In [4]:
import fitz  # PyMuPDF

def extract_text_from_pdf(pdf_path):
    doc = fitz.open(pdf_path)
    text = []
    for page in doc:
        text.append(page.get_text())
    return '\n'.join(text)

# Extract text from PDF files
criminal_offenses_text = extract_text_from_pdf('../ilcs/720_ILCS_CRIMINAL_OFFENSES.pdf')
criminal_procedure_text = extract_text_from_pdf('../ilcs/725_ILCS_CRIMINAL_PROCEDURE.pdf')
safe_t_act_text = extract_text_from_pdf('../ilcs/Illinois Safe-T Act Full Text.pdf')

In [7]:
import spacy

# Load spacy model
nlp = spacy.load('en_core_web_sm')
nlp.max_length = 2000000

def split_text_into_chunks(text, chunk_size=1000000):
    # Split text into chunks of specified size
    return [text[i:i+chunk_size] for i in range(0, len(text), chunk_size)]

def split_chunks_into_sentences(chunks):
    sentences = []
    for chunk in chunks:
        doc = nlp(chunk)
        sentences.extend([sent.text for sent in doc.sents])
    return sentences

# Split text into sentences
offenses_prechunks = split_text_into_chunks(criminal_offenses_text)
procedure_prechunks = split_text_into_chunks(criminal_procedure_text)
safe_t_act_prechunks = split_text_into_chunks(safe_t_act_text)

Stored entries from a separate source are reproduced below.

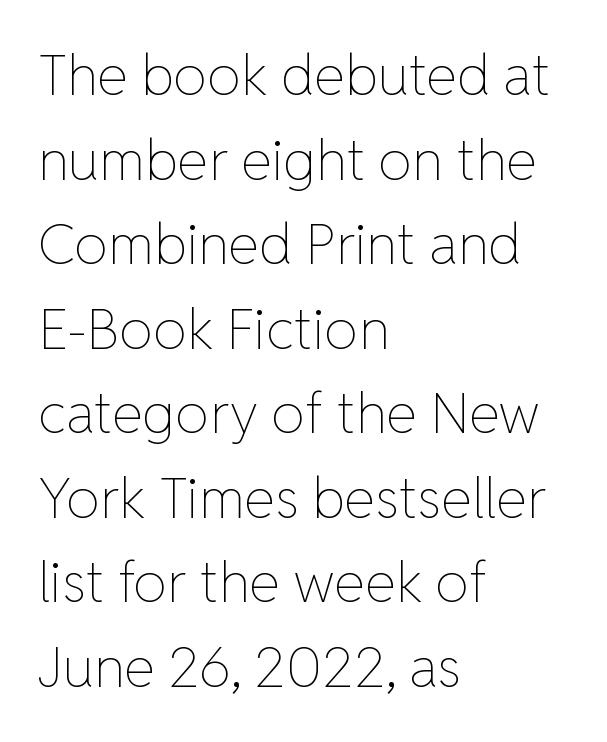
{"italic": "no", "bold": "no", "weight": "thin", "width": "normal", "stroke_contrast": "low", "x_height": "medium", "monospaced": "no", "underline": "no", "align": "left", "line_spacing": "normal", "line_spacing_ratio": 1.51, "letter_spacing": "normal", "letter_spacing_em": 0.0, "glyph_px": 56}
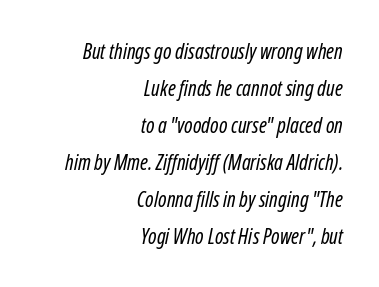
Q: Is the text bold? A: No.
Q: Is the text italic (slanted)? A: Yes, it leans right by about 12 degrees.
Q: Is the text underlined? A: No.
Q: How is the paragraph aligned? A: Right-aligned.
Q: Is the spacing between letters normal or unusually wide? A: Normal.
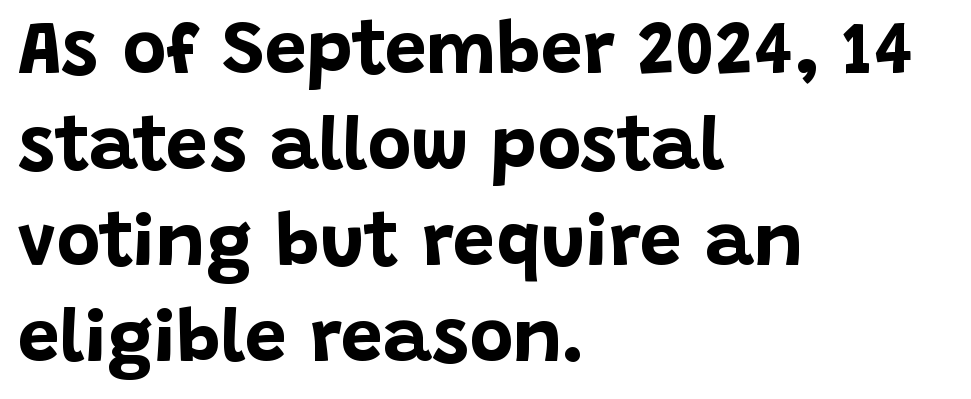
The space beneath each line is pristine and unruled. What stands out about the letter spacing? Nothing — it is the standard amount. You can tell from the bare stems that sans-serif type was used. Plenty of ink on the page — the face is bold. The vertical gap from one line to the next is medium.
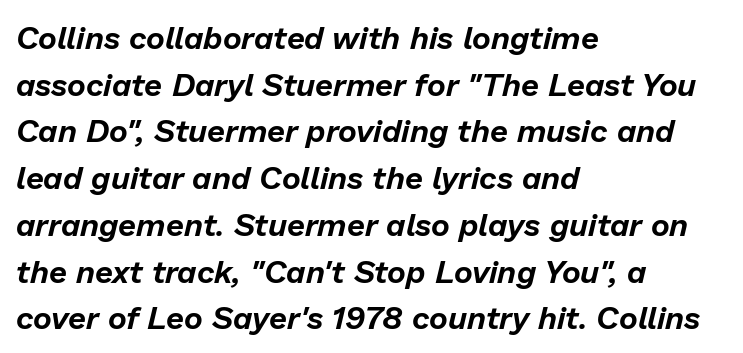
The font's italic variant was chosen for this text. Underline: absent. The ragged edge is on the right, which tells us the setting is flush left. The horizontal fit of the characters is conventional and even.
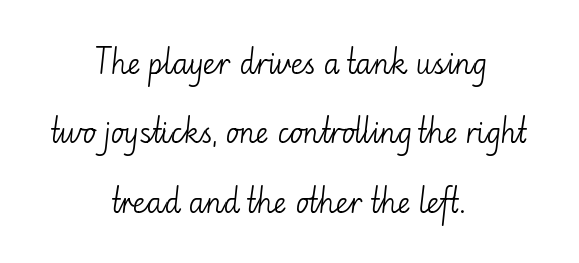
Q: Is the text bold? A: No.
Q: Is the text italic (slanted)? A: Yes.
Q: Is the typeface a serif or a sans-serif typeface? A: Sans-serif.
Q: Is the text underlined? A: No.
Q: How is the paragraph aligned? A: Centered.
Q: Is the spacing between letters normal or unusually wide? A: Normal.
Q: Is the spacing between lines tight, normal or loose? A: Loose.
Q: Width (condensed, normal, or wide)? A: Normal.
Q: Stroke contrast? A: Low.
Q: x-height? A: Small.
Q: Monospaced? A: No.
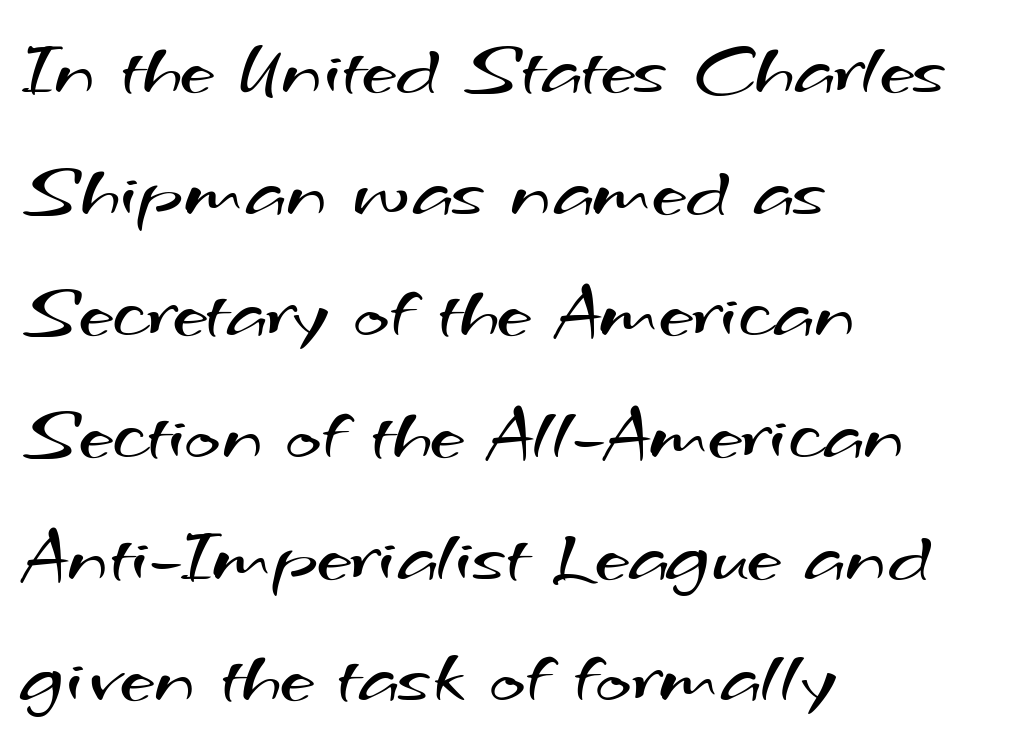
Ink coverage per letter is moderate at most. This sample uses plain, unmodified letter spacing. The face used here is proportionally spaced, like ordinary book or web type. Line spacing here is normal. Just letters on the line, the space beneath them empty. In terms of letterform style, serifs are entirely absent.
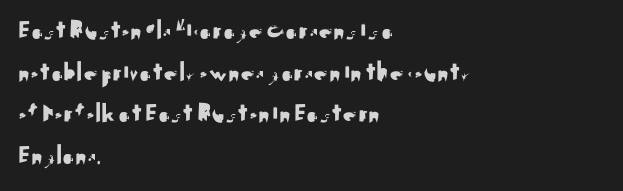
{"serif": "no", "italic": "no", "width": "normal", "stroke_contrast": "medium", "x_height": "small", "monospaced": "no", "underline": "no", "align": "left", "line_spacing": "normal", "line_spacing_ratio": 1.49, "letter_spacing": "normal", "letter_spacing_em": 0.0, "glyph_px": 28}
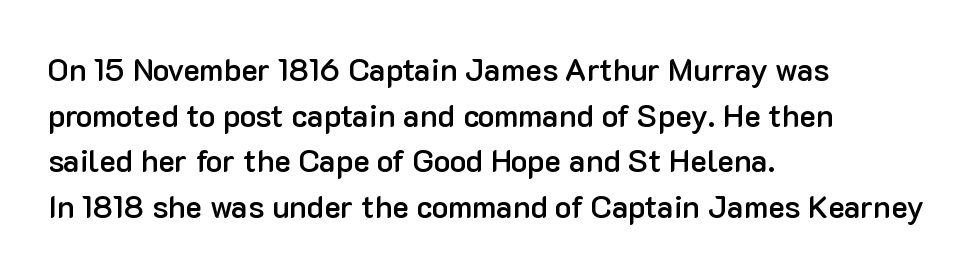
{"serif": "no", "italic": "no", "bold": "semi", "weight": "semibold", "width": "normal", "stroke_contrast": "low", "x_height": "medium", "monospaced": "no", "underline": "no", "align": "left", "line_spacing": "normal", "line_spacing_ratio": 1.47, "letter_spacing": "normal", "letter_spacing_em": 0.0, "glyph_px": 31}

offenses_sentences = split_chunks_into_sentences(offenses_prechunks)
procedure_sentences = split_chunks_into_sentences(procedure_prechunks)
safe_t_act_sentences = split_chunks_into_sentences(safe_t_act_prechunks)

In [8]:
def chunk_sentences(sentences, max_sentences=5):
    chunks = []
    current_chunk = []
    for sentence in sentences:
        current_chunk.append(sentence)
        if len(current_chunk) >= max_sentences:
            chunks.append(' '.join(current_chunk))
            current_chunk = []
    if current_chunk:
        chunks.append(' '.join(current_chunk))
    return chunks

# Chunk sentences
offenses_chunks = chunk_sentences(offenses_sentences, max_sentences=5)
procedure_chunks = chunk_sentences(procedure_sentences, max_sentences=5)
safe_t_act_chunks = chunk_sentences(safe_t_act_sentences, max_sentences=5)

In [None]:
from sentence_transformers import SentenceTransformer
import chromadb
from chromadb.config import Settings
####     from chromadb.utils import TextEmbedding  #DefaultEmbeddingFunction

# Load the embedding model
model = SentenceTransformer('all-MiniLM-L6-v2')

def get_embedding(text):
    return model.encode(text).tolist()

# Initialize Chroma
settings = Settings()
chroma_client = chromadb.Client(settings)

# Define your collection schema
collection_name = 'il-legal-data'
chroma_client.create_collection(collection_name)

# Get the collection
collection = chroma_client.get_collection(collection_name)

# Generate embeddings and add documents to the collection
documents = offenses_chunks + procedure_chunks + safe_t_act_chunks
metadata = [{'source': 'IL Criminal Offenses'}] * len(offenses_chunks) + [{'source': 'IL Criminal Procedure'}] * len(procedure_chunks) + [{'source': 'IL Safe-T Act'}] * len(safe_t_act_chunks)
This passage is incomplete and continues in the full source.